The metric I'm watching is Google Trends[1]. So far it's hardly budged and is far below its peaks in 2017 and 2019. That indicates to me that this run up in price could be just beginning. I expect that if an all time high is reached then a wave of publicity will propel the price much higher, as it has several times in the past.

I don't see a 10x price increase like 2017 though. I expect less extreme price movements now that bitcoin's market cap is so much higher and more large investors are involved.

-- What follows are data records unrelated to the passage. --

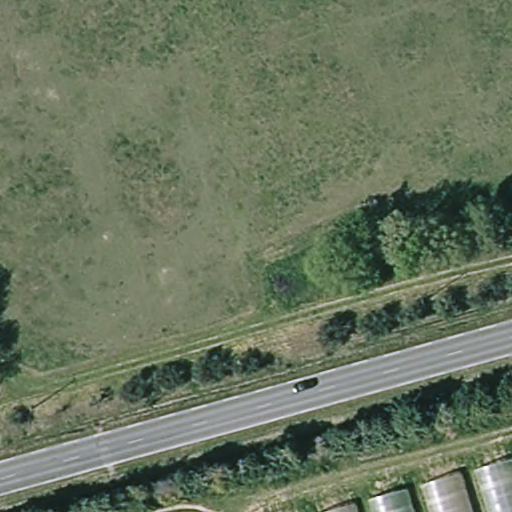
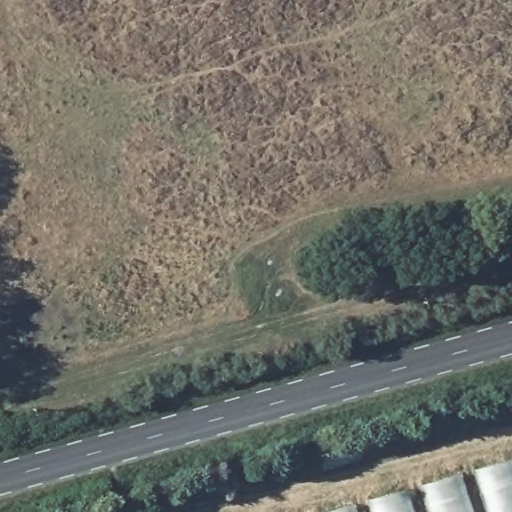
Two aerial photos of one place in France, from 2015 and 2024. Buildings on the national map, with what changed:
unchanged [(512,454),(512,512),(308,512),(512,454)]

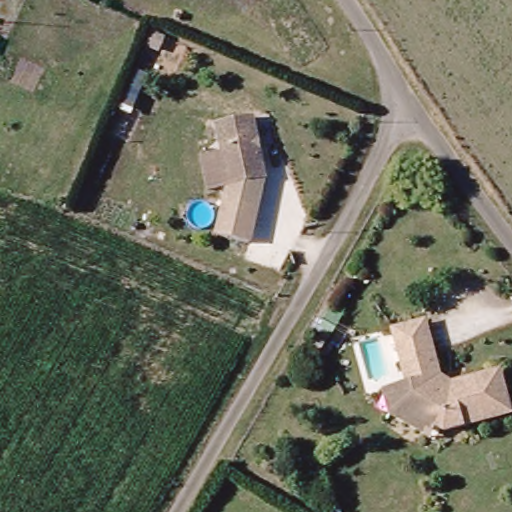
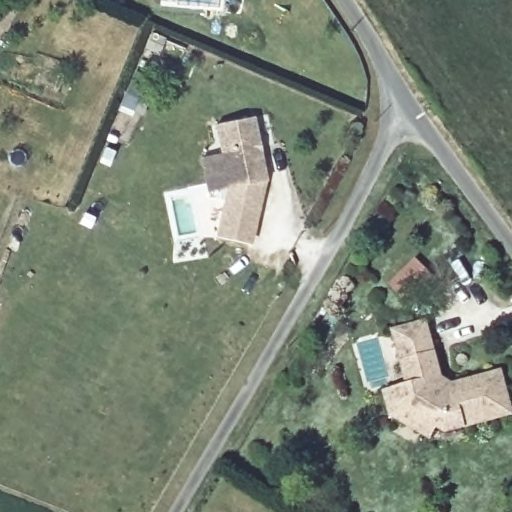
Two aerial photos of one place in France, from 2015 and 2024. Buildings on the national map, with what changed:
unchanged [(266,182),(229,188),(222,154),(218,125),(255,119),(266,182)]
unchanged [(252,245),(215,236),(225,191),(207,193),(201,156),(222,154),(229,188),(266,182),(252,245)]
unchanged [(396,411),(390,388),(403,385),(413,383),(407,359),(401,329),(432,323),(445,382),(455,389),(458,385),(506,375),(512,401),(512,416),(449,429),(442,425),(435,436),(396,411)]

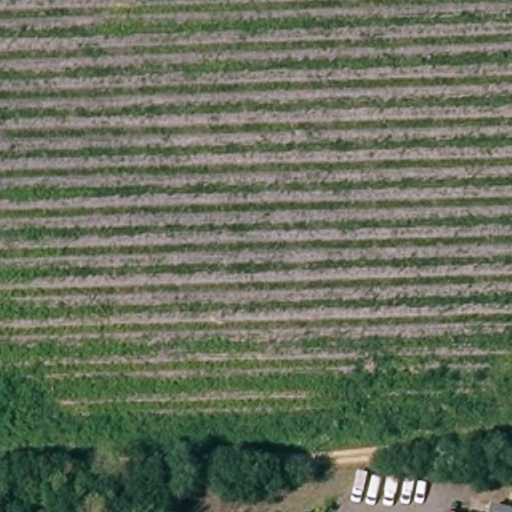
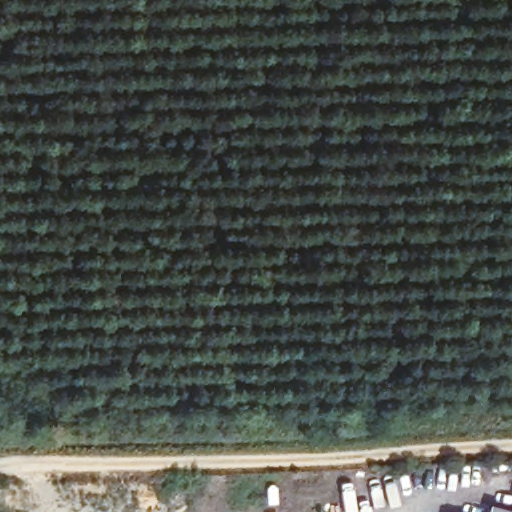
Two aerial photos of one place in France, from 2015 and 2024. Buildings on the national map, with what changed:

I think it would take something huge to move the price that much, like a bitcoin ETF approved by the SEC.

https://trends.google.com/trends/explore?date=today%205-y&q=...


> like a bitcoin ETF approved by the SEC

For the sake of the children† and the diversity of the planet‡ let’s hope not, eh? I mean it’s just tremendously wasteful to generate Bitcoin.

I don’t mind it as a concept, I think it’s cool, but fuck me what a waste of energy.

† Have none, don’t care.

‡ This tho.


How many servers are powering banking mainframes, VISA and Mastercard services?

It's not wasteful if it's providing transactional security.

Just for perspective, there are THREE MILLION ATMs globally. And that's just ATMs, totally ignoring the infrastructure for the 60,000+ global banking institutions.


Well an easy way to know this makes no sense is that if you scaled up Bitcoin power consumption to visas current transaction volume it would require more power than the entire world produces and generate more e-waste than the entire world put together. Then multiplied a few times in both cases.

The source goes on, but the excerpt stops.